Jim Davidson <davidson@net1.net> wrote:

>Bruce Hamilton wrote:
>> >I don't believe that the toxicity of TEL was ever shown.
>> Nonsense, the parts of the FAQ that you carefully omitted *pointed* to
>> references on the subject , and I'll include some others also from the
>> FAQ.
>
>However, the toxicity of tetra ethyl lead is not the only relevant
>issue.  When tetra ethyl led is burned in an engine, it forms lead
>oxide, which is not especially desirable but is also not especially
>toxic.  

No. What is formed is a range of lead compounds and metallic lead
- depending on the combustion conditions. These compounds will
deposit in the combustion chamber, exhaust manifold, and exhaust 
system and the engine soon ceases to function.
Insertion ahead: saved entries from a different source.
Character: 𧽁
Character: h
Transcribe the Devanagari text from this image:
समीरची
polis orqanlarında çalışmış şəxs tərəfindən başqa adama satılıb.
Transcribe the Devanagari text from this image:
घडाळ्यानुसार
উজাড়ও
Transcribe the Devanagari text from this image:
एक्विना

As the FAQ notes,
right up until the 1950s it was common to find balls of metallic
lead rolling around inside the muffler because the scavenger
formulation was not optimum. 

>However, ethylene dibromide is another typical additive, often
>used in combination with tetra ethyl lead which burns to form products
>which combine with lead oxide to form lead bromide.  Lead bromide is
>toxic and volatile, and is one of the more troublesome of the compounds
>produced from the burning of leaded gasoline.

Either ethylene dichloride and/or ethylene dibromide can, and are, 
used as scavengers usually around equal amounts of each, and it is 
only in aviation gasoline where ethylene dibromide is solely specified 
( to reduce the corrosion of aluminium ).

[Stuff about catalyst poisoning deleted, all in the FAQ, along which
other toxic emissions such as the organohalogens like dioxin ]
 
>> Review the early history of the manufacture of TEL in the early 1920s, 
>> and a large number of workers were harmed, and some killed, before all 
>> the appropriate precautions were taken.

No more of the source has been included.